◆ What you should do ◆
From the records below, count the lines containing the word "task" and give only that number.

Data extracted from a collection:

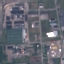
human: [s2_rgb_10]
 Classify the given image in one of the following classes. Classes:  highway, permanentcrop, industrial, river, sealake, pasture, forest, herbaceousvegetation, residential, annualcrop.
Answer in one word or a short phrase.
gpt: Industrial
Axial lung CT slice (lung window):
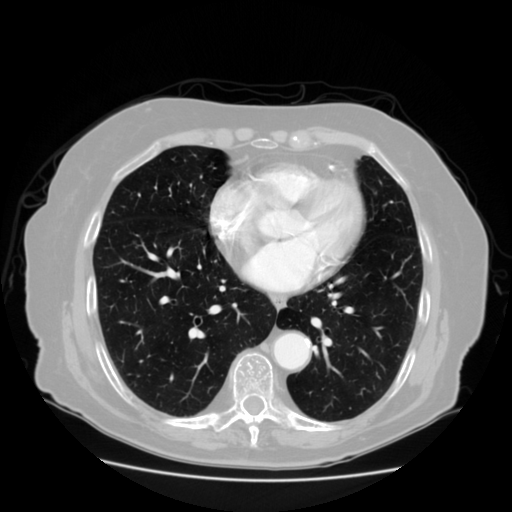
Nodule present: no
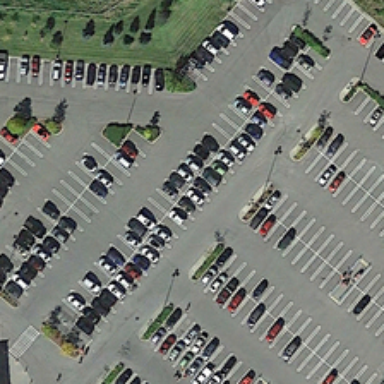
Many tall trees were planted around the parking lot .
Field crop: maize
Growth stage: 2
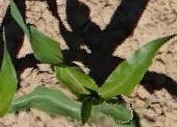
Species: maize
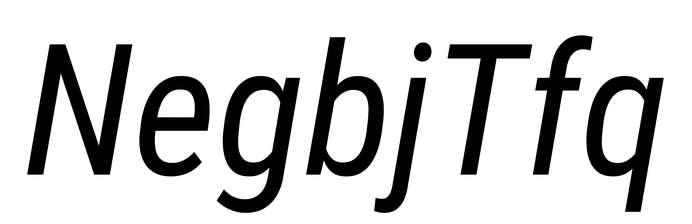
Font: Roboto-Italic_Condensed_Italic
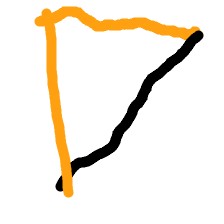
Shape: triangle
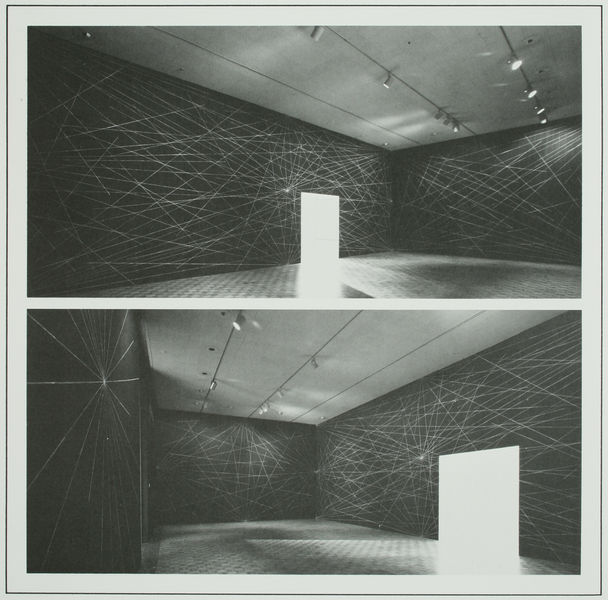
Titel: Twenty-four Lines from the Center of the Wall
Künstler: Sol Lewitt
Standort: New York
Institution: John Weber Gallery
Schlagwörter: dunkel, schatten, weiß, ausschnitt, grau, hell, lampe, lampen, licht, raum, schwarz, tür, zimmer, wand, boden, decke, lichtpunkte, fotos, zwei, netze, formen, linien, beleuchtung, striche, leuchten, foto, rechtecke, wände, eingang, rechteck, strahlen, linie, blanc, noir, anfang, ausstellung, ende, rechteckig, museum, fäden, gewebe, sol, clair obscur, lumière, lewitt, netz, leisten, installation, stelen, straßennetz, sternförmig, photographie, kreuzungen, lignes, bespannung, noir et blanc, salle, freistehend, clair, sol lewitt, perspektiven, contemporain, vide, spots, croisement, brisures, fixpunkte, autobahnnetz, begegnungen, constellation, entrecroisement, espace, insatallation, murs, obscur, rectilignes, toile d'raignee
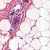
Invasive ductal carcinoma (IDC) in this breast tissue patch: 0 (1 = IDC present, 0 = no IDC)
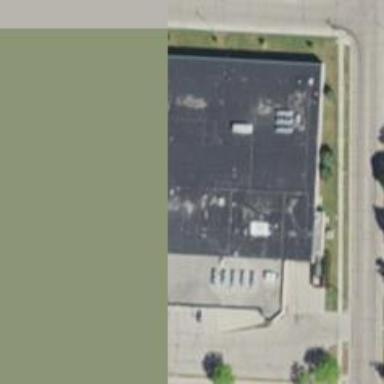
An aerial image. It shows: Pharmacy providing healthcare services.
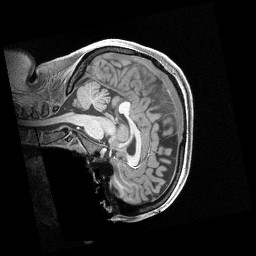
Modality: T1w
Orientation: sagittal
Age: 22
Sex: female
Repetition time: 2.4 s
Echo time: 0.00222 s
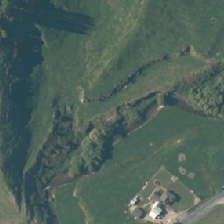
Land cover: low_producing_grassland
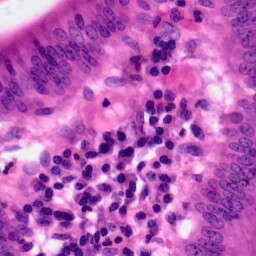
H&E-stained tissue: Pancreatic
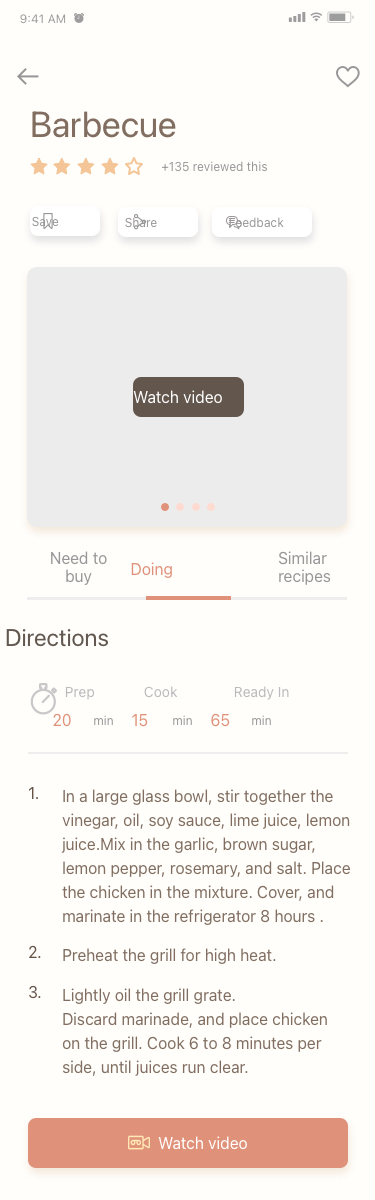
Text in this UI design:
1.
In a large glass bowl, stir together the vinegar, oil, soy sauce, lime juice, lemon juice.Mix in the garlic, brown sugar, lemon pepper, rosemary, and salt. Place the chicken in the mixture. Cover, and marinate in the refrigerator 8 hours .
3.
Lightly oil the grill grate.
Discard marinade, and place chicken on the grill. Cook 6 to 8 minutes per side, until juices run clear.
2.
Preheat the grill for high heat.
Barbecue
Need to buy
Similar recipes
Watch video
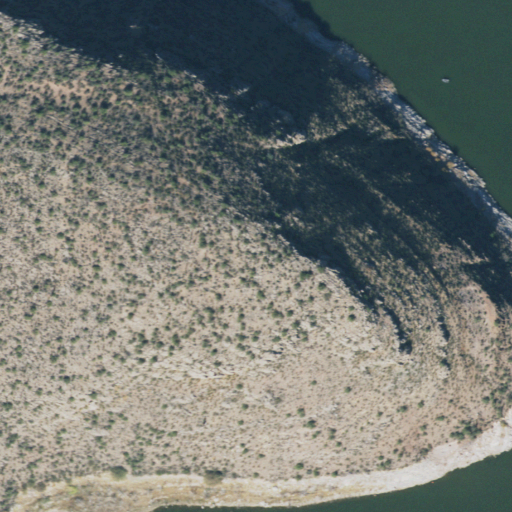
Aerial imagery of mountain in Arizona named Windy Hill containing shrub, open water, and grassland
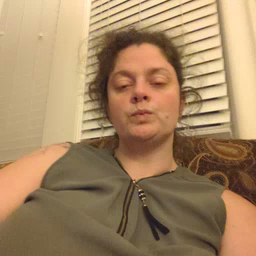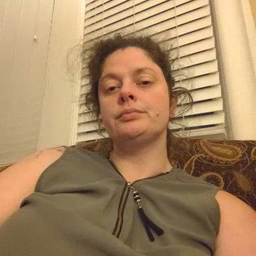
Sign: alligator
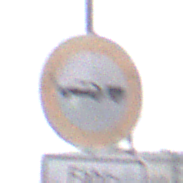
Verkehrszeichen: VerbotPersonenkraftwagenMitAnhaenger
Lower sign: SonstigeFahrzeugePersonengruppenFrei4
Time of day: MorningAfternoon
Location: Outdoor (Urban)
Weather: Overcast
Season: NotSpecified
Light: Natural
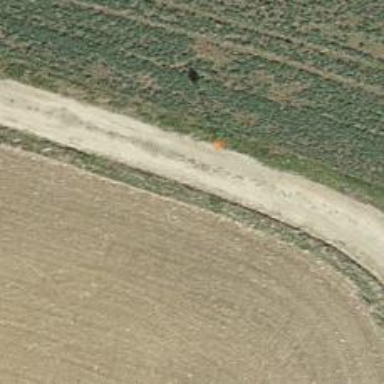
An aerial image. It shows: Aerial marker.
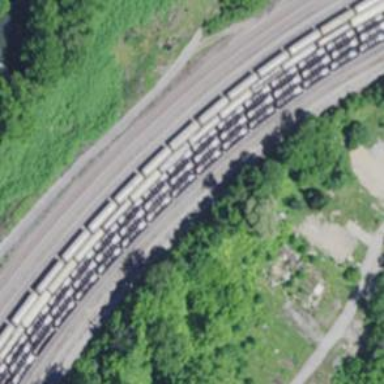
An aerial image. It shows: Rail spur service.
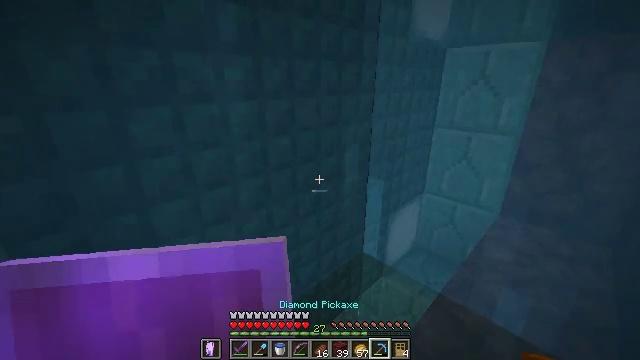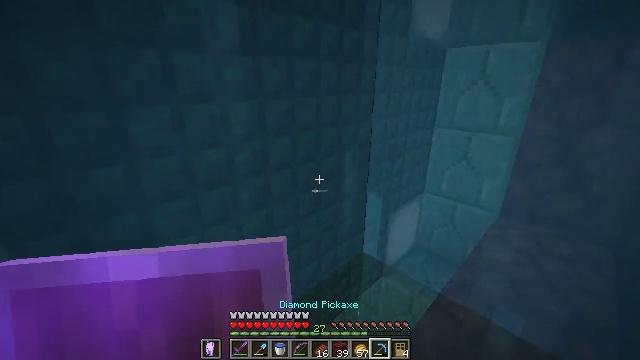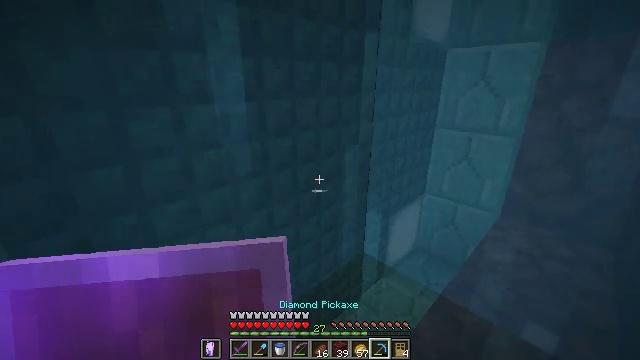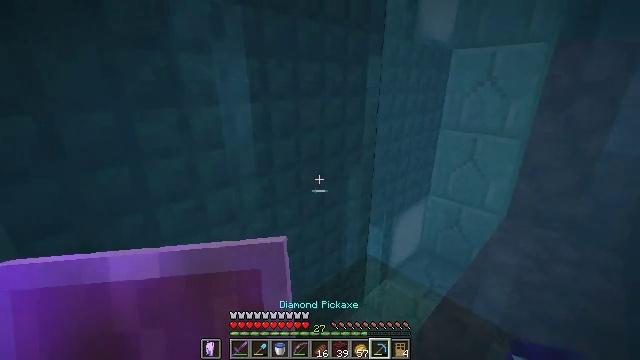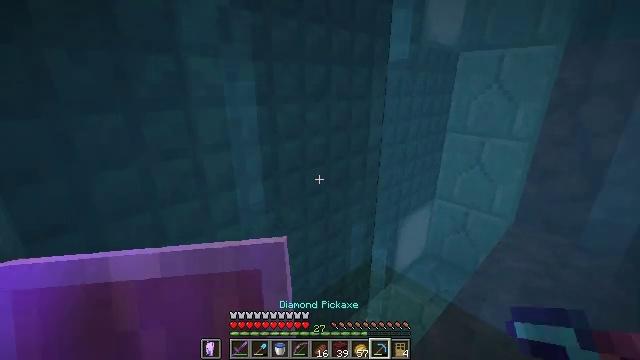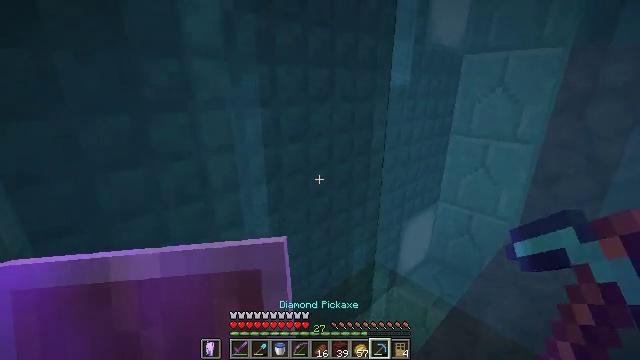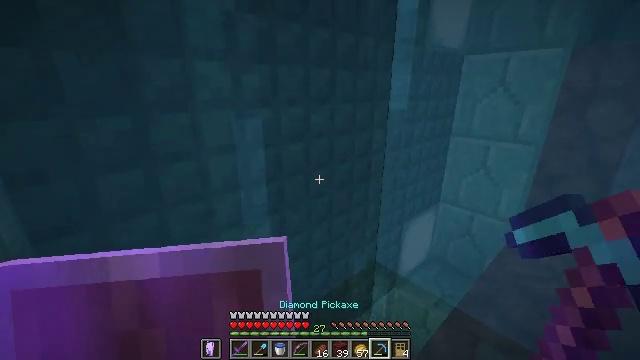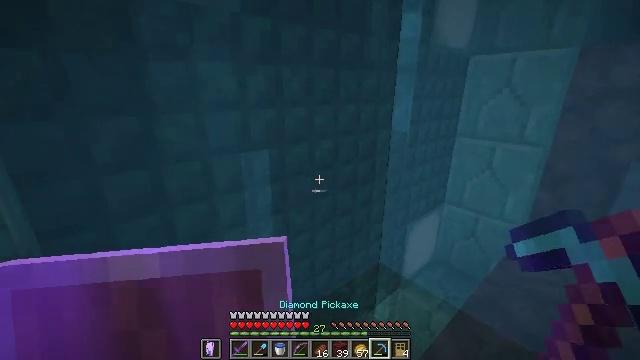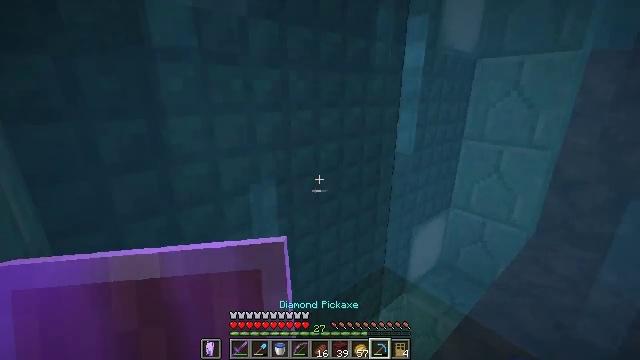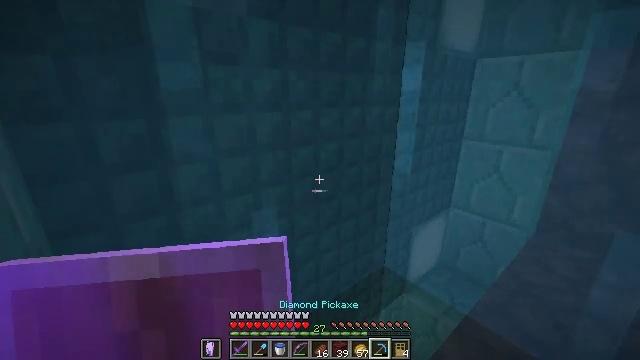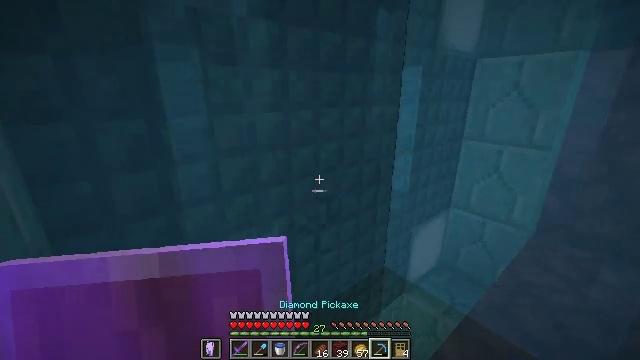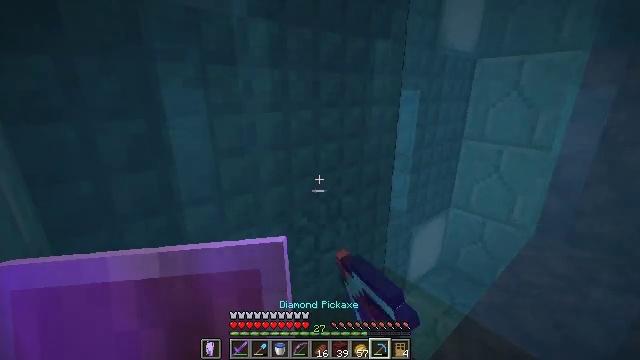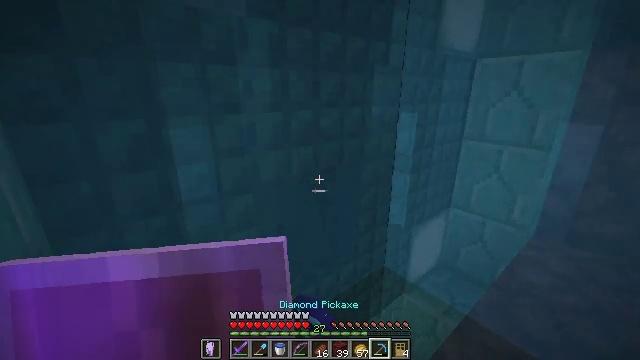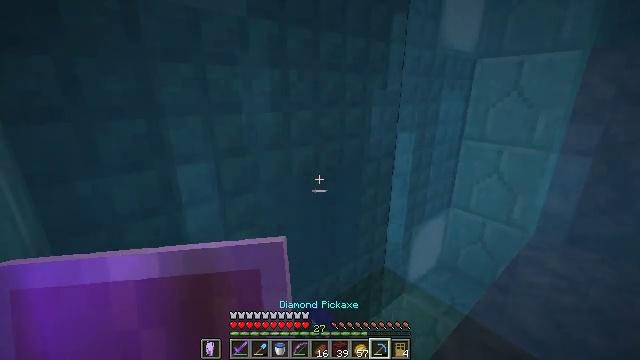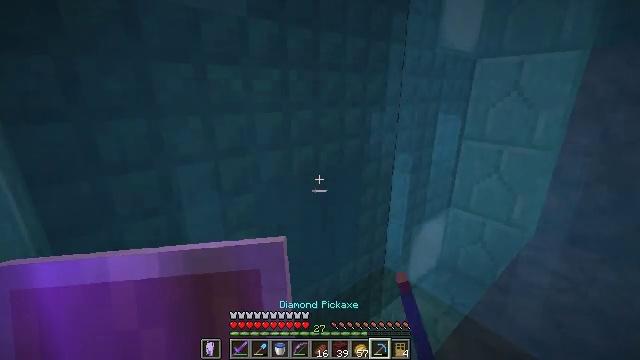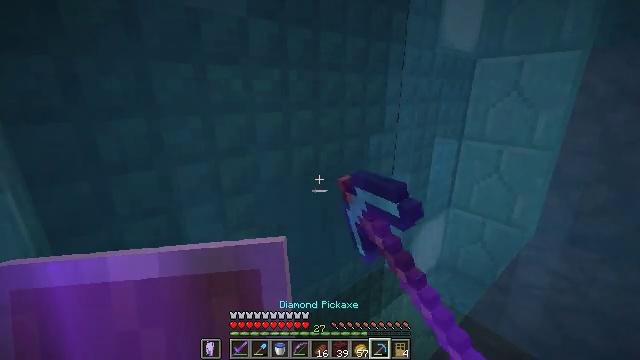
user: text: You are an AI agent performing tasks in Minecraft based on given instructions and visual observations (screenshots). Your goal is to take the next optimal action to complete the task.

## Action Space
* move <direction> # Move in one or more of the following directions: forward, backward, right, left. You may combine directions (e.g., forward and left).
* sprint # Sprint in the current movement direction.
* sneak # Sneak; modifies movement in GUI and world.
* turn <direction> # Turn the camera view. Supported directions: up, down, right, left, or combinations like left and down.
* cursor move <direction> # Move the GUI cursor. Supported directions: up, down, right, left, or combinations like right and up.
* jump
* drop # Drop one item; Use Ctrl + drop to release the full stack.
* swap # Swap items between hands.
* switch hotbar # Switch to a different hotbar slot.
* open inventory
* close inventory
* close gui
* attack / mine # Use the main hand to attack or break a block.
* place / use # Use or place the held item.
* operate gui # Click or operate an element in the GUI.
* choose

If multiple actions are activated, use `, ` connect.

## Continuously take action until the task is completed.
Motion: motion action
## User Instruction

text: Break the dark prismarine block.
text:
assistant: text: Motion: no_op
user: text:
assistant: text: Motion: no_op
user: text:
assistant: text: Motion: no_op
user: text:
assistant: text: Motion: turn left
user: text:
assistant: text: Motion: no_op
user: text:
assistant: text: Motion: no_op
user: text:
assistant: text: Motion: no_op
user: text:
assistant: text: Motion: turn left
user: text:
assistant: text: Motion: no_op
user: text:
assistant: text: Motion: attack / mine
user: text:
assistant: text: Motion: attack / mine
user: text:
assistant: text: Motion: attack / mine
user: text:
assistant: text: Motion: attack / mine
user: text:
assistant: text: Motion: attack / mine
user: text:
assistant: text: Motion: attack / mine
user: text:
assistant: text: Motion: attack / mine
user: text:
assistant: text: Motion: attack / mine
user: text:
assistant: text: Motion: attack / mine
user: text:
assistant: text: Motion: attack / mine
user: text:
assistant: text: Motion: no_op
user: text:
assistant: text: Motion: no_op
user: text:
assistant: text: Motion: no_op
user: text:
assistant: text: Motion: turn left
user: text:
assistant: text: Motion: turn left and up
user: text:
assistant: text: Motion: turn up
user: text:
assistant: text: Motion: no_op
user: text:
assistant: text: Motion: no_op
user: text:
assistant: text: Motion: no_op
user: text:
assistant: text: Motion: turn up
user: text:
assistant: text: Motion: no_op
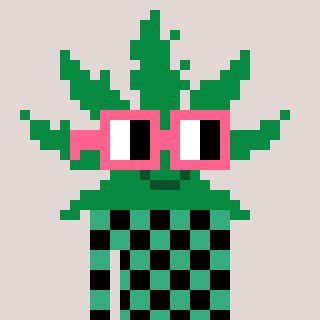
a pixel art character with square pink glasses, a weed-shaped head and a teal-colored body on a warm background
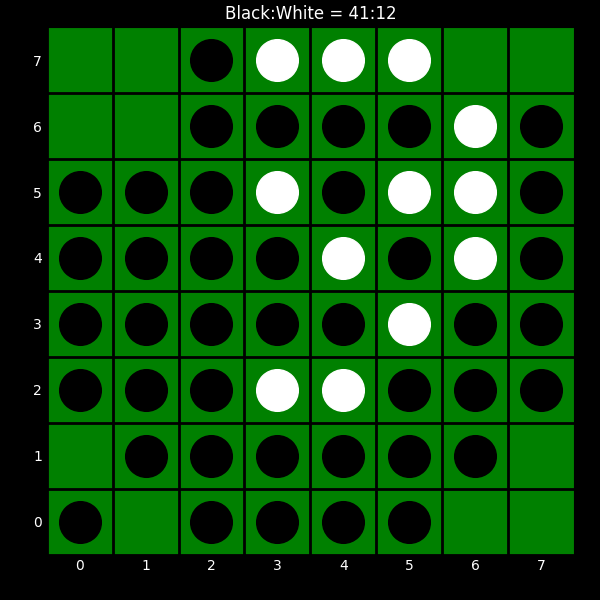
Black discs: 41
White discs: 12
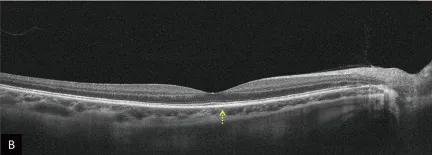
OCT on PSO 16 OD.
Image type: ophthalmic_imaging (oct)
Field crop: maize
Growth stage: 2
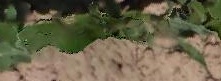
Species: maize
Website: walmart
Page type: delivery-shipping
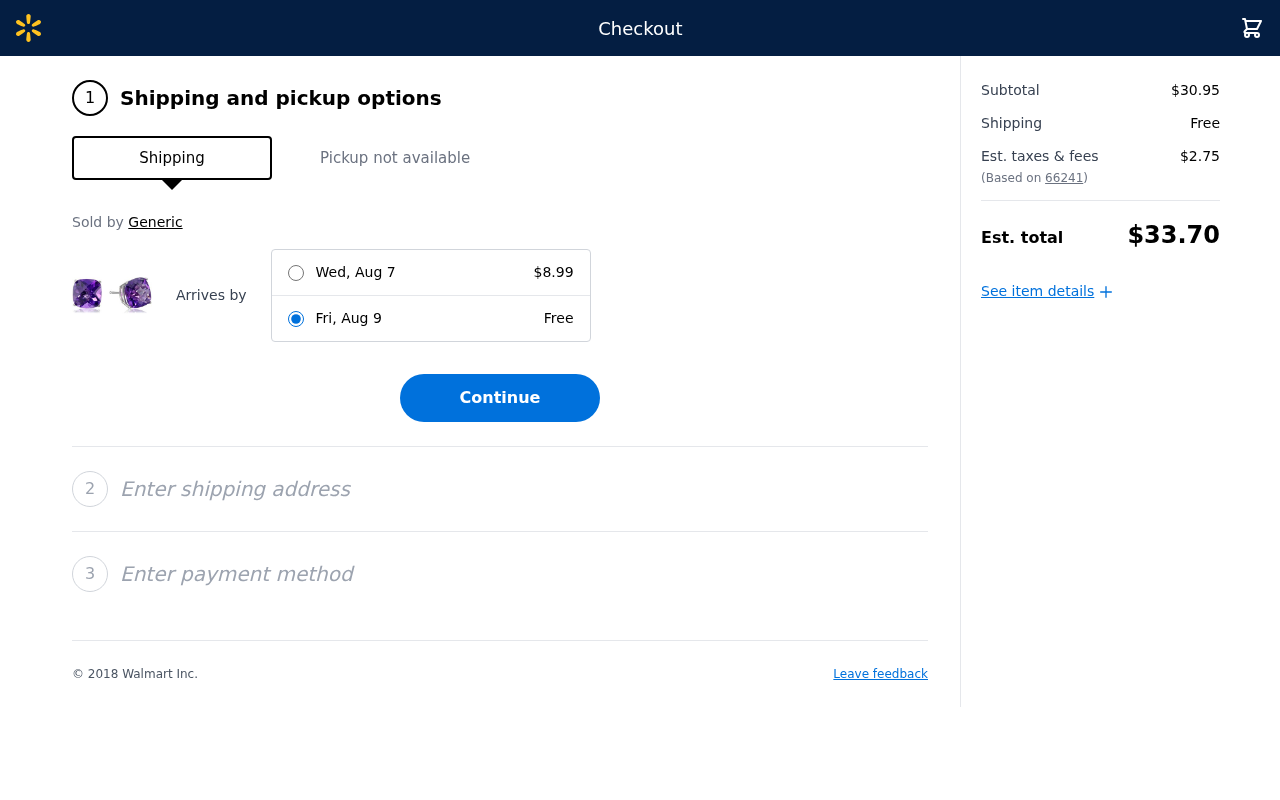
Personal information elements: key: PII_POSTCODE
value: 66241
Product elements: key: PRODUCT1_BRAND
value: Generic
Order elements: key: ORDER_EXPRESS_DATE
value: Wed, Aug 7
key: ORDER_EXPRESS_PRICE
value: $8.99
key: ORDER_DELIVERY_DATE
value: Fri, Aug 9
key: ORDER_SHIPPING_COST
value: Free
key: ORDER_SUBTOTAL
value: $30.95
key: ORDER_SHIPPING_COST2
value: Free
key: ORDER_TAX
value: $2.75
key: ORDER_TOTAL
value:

◆ Output below ◆
2